The image in the mirror fades, and I make a quick decision. I loop a leather satchel over one shoulder and slide the mirror inside. Then I run toward the cemetery, a golden stripe of the evening sun the only light left along the horizon.

If my mother is so close, maybe she can help me get Jas back. I know the faerie she loved was important—a noble fae, she said, a male who loved his people and cared for them enough to sacrifice his own happiness. Maybe he has some sort of connection to the Unseelie king. Maybe she could get him to release Jas before I finish retrieving his artifacts. Even if she doesn’t have pull, it would be a relief to have her close. To have someone to confide in and know I’m not alone in this.

My soft dress shoes weren’t made for running on this rough stone ground. The rocks bite into the bottoms of my feet, but I don’t slow down until I reach the graves I saw in the mirror.

The cemetery stands empty, and I spin around, hoping to see where she may have gone.

“Mother!” I call. “Mom?” My voice cracks, and with it something in my chest leaks out.

I pull the mirror out again. “Show me my mother.”

The image shows a tomb, a rotting corpse lying in darkness, her arms crossed over her chest.

I drop the mirror as if it burned me. “No.” I back away from it.
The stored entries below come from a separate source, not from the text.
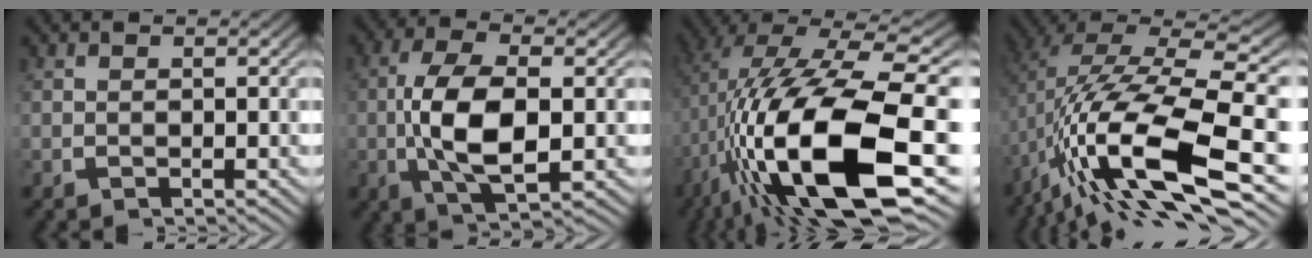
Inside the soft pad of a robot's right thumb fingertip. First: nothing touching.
{"total": 8.0, "force": [-0.2, 4.0, 7.0], "torque": [-0.154, -0.019, 0.005]}
{"total": 20.6, "force": [-2.8, 10.1, 17.7], "torque": [-0.363, -0.062, 0.005]}
{"total": 15.0, "force": [-2.2, 7.9, 12.6], "torque": [-0.279, -0.056, 0.002]}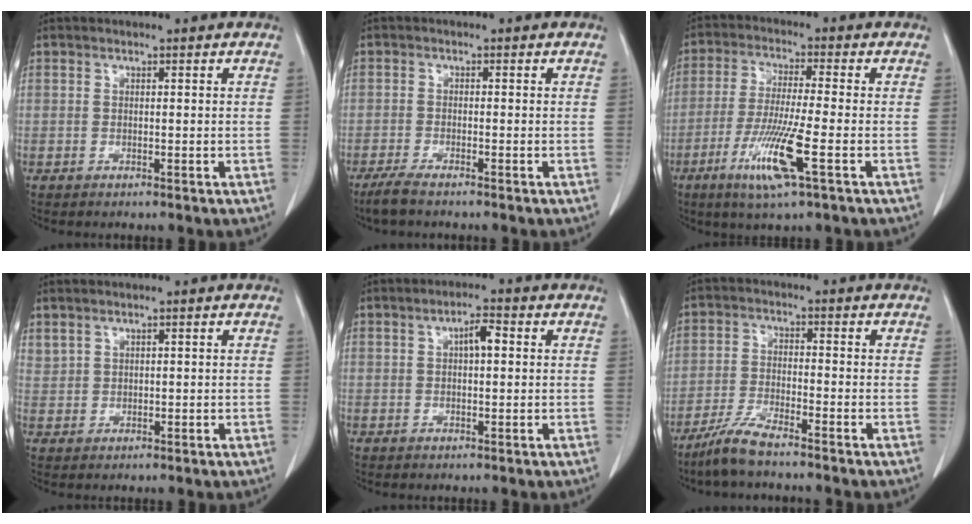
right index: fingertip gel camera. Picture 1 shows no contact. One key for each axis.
{"total": 3.4, "fx": -2.7, "fy": 0.3, "fz": 1.9, "tx": -0.042, "ty": -0.009, "tz": -0.049}
{"total": 10.1, "fx": -4.0, "fy": 0.0, "fz": 9.2, "tx": -0.185, "ty": -0.022, "tz": -0.077}
{"total": 1.7, "fx": 1.4, "fy": 0.9, "fz": 0.3, "tx": 0.000, "ty": 0.008, "tz": 0.033}
{"total": 3.2, "fx": 0.7, "fy": 0.9, "fz": 3.0, "tx": -0.050, "ty": 0.008, "tz": 0.010}
{"total": 5.6, "fx": -4.7, "fy": 0.2, "fz": 3.1, "tx": -0.070, "ty": -0.017, "tz": -0.097}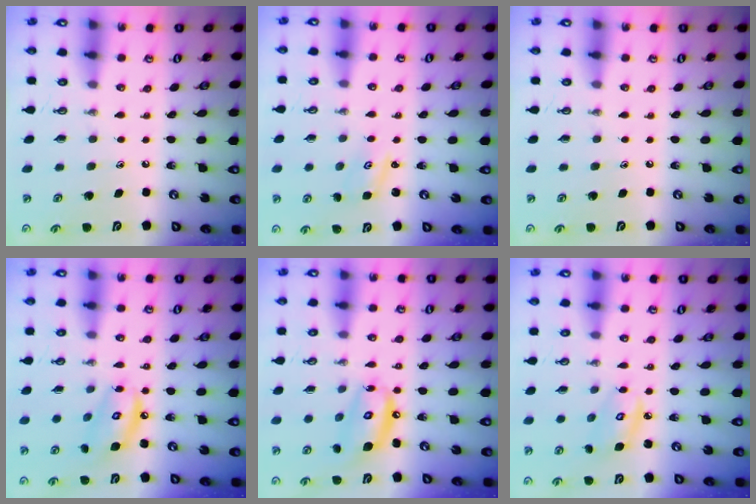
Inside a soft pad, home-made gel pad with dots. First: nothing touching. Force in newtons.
{"total": 1.5, "press": 1.5, "slide": 0.3}
{"total": 0.0}
{"total": 9.4, "press": 9.3, "slide": 0.8}
{"total": 12.4, "press": 12.3, "slide": 1.3}
{"total": 5.8, "press": 5.8, "slide": 0.4}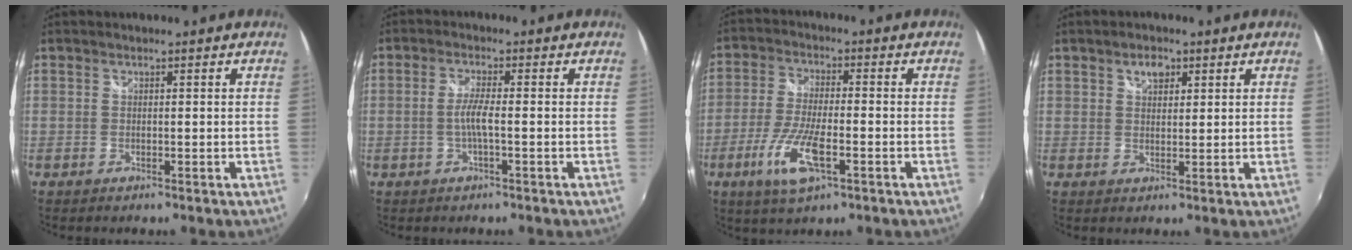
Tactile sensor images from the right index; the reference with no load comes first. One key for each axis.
{"total": 3.2, "fx": -0.9, "fy": -0.2, "fz": 3.1, "tx": -0.064, "ty": 0.000, "tz": -0.016}
{"total": 10.2, "fx": -4.3, "fy": 2.8, "fz": 8.9, "tx": -0.189, "ty": -0.013, "tz": -0.083}
{"total": 3.1, "fx": 1.7, "fy": 2.0, "fz": 1.7, "tx": -0.024, "ty": 0.008, "tz": 0.028}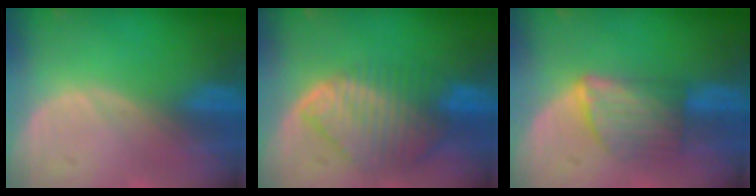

No. Sebastian said it might not work for mortals. Just because it’s worked until now . . . No. This means nothing.

A cold breeze whips through the gravestones, and the last of the sun disappears, but I’m not ready to go back to the palace.

I swallow hard and force myself to pick up the mirror and shove it into my satchel. That image meant nothing.

“Brie!” My name comes from a cry in the woods and it sounds like— “Brie! Help me!” Even as I move toward the call, I try to convince myself that the voice isn’t familiar—isn’t one I know better than my own.

I hear the cry again—a cry and a terrified sob. At the sound of my little sister’s desperate shrieking, I run as fast as I can into the trees. The forest floor is dense with brush, twigs, sticks, and leaves. My skirt snags on a bush, and my useless shoes tear away, but I keep running.

“Help! Brie? Brie, help me!”

Racing toward the sound of Jas’s voice, I swing around trees and through underbrush, following her cries as they grow louder and more panicked. I run until my legs are burning and my throat is raw. I’m not even surprised when I see my childhood home—the one we escaped from almost ten years ago. The one where my father died.

Flames whip around the walls, licking at the roof and reaching higher and higher. Just like that night.

I back up a step. This isn’t real.

The fire crackles and snaps, and smoke shoves itself up my nose while the heat of the flames burns my cheeks.

“Brie, please!”

I race inside without letting myself think.

The next time she calls my name, my ears are filled with the roar of the fire and I can barely hear it. I know that her voice will get quieter and quieter. I know because I’ve been here before. And I know she’ll go completely silent before I reach her. She’ll be unconscious on the floor beneath her bed.